Ted Dekker is a unique author.  Most authors are content to put out a book a year sometimes only a book every few years, but not Dekker.  In just four years he has released ten books.  Many fans will know him from his recent trilogy of books Black, Red, and White.
  
Stephen Friedman works in real estate in 1973 Los Angeles, California, living an ordinary life.  After the death of a local Holocaust survivor, Stephen learns some surprising news.  It is this news that ties him in to a set of priceless relics that were thought to be legend, until one of them is donated to a local museum.  The donation proves their existence.  Stephen believes that he is heir to these relics so he does all he can to find them.  Unfortunately, he is not the only one searching for them, so is Roth Braun. Roth and his father have been searching for these relics since they were taken from them several decades ago.  They will do anything to find them, even murder.

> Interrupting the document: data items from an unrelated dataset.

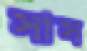
সাস
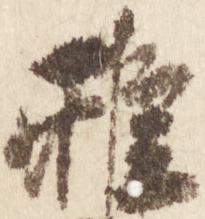
雅
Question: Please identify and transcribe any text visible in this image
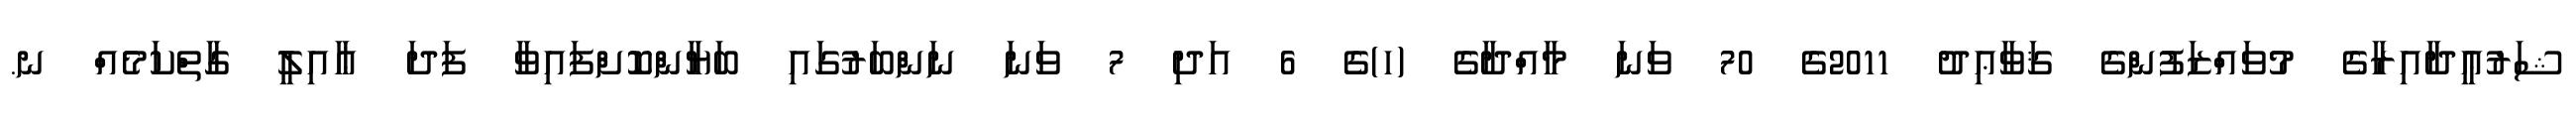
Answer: ޝަރުޢީދާއިރާގެ މުވައްޒަފުންގެ ޤަވާޢިދު 2011ގެ 70 ވަނަ މާއްދާގެ (ހ)ގެ 6 އަދި 7 ވަނަ ނަންބަރުގައި ބަޔާންކޮށްފައިވާ ފަދަ ޢާއިލީ ގާތްކަމެއް ނ.
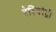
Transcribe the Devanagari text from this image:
रेस्पिरेट्री
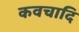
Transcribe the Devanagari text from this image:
कवचादि
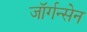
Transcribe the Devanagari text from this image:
जॉर्गन्सेन
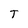
Character: T
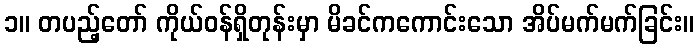
၁။ တပည့်တော် ကိုယ်ဝန်ရှိတုန်းမှာ မိခင်ကကောင်းသော အိပ်မက်မက်ခြင်း။
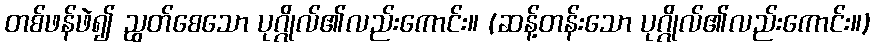
တစ်ဖန်ဖဲ၍ ညွတ်စေသော ပုဂ္ဂိုလ်၏လည်းကောင်း။ (ဆန့်တန်းသော ပုဂ္ဂိုလ်၏လည်းကောင်း။)
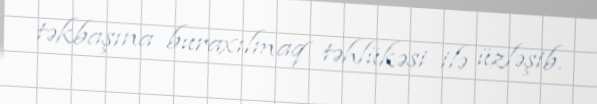
təkbaşına buraxılmaq təhlükəsi ilə üzləşib.
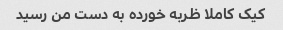
کیک کاملا ظربه خورده به دست من رسید
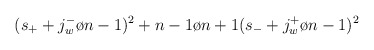
\begin{align*}(s_+ + {{j_w^-}\o {n-1}})^2 + {{n-1}\o {n+1}}(s_- + {{j_w^+}\o {n-1}})^2\end{align*}
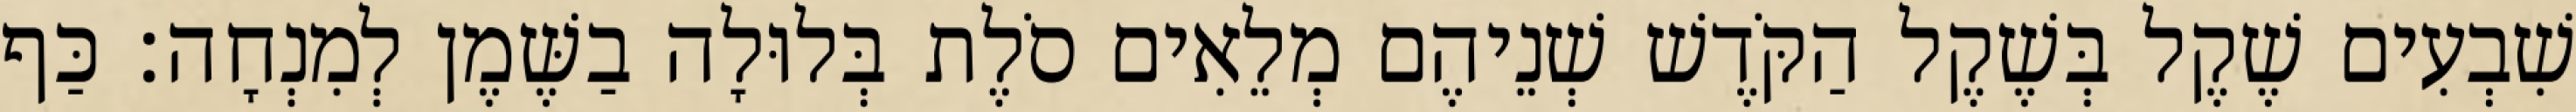
שִׁבְעִים שֶׁקֶל בְּשֶׁקֶל הַקֹּדֶשׁ שְׁנֵיהֶם מְלֵאִים סֹלֶת בְּלוּלָה בַשֶּׁמֶן לְמִנְחָה׃ כַּף
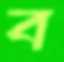
ব
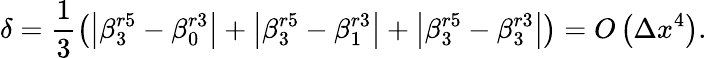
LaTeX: \delta=\frac{1}{3}\left(\left|\beta_{3}^{r5}-\beta_{0}^{r3}\right|+\left|\beta_{3}^{r5}-\beta_{1}^{r3}\right|+\left|\beta_{3}^{r5}-\beta_{3}^{r3}\right|\right)=O\left(\Delta{{x}^{4}}\right).
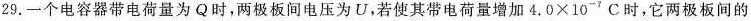
29.一个电容器带电荷量为Q时，两极板间电压为U，若使其带电荷量增加$$4 . 0 \times 1 0 ^ { - 7 } C$$时，它两极板间的
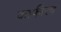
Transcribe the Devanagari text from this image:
काफीरच
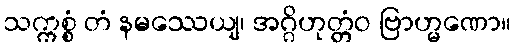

This book is different from most suspense thrillers.  Many suspense thrillers are thrilling because the main character is avoiding one life-threatening situation after another.  This book has that but it is mainly suspenseful for a different reason.  "Obsessed" will keep readers in suspense because they care about the characters and in a way become obsessed with the mysteries that Stephen Friedman and Roth Braun are obsessed with. It is these mysteries, these secrets, that make this a book that is tough to put down.

Another unique aspect of this book is how it treats religion.  Many Christian fiction books treat religion in a cliched way as the main character starts off searching for God, finds God, then completes some spiritual quest or task to prove the strength of his/her new Christian life.  Obsessed instead focuses on a Jewish man whose faith is a part of who he is, but not the focus of every page of this story.  Stephen Friedman relies on God to protect him and guide him but his faith could be considered more of an inwardly-focused faith.  This results in a more authentic feel to the way that religion is lived in the life of the characters of this book unlike some books that seek to treat their characters as Christian saints that few readers can relate to.

Readers of this book will find themselves quickly drawn in.  The characters are ones that people will develop strong feelings about and the mysteries will leave people wondering.  This is quite simply the hardest book to put down so far this year.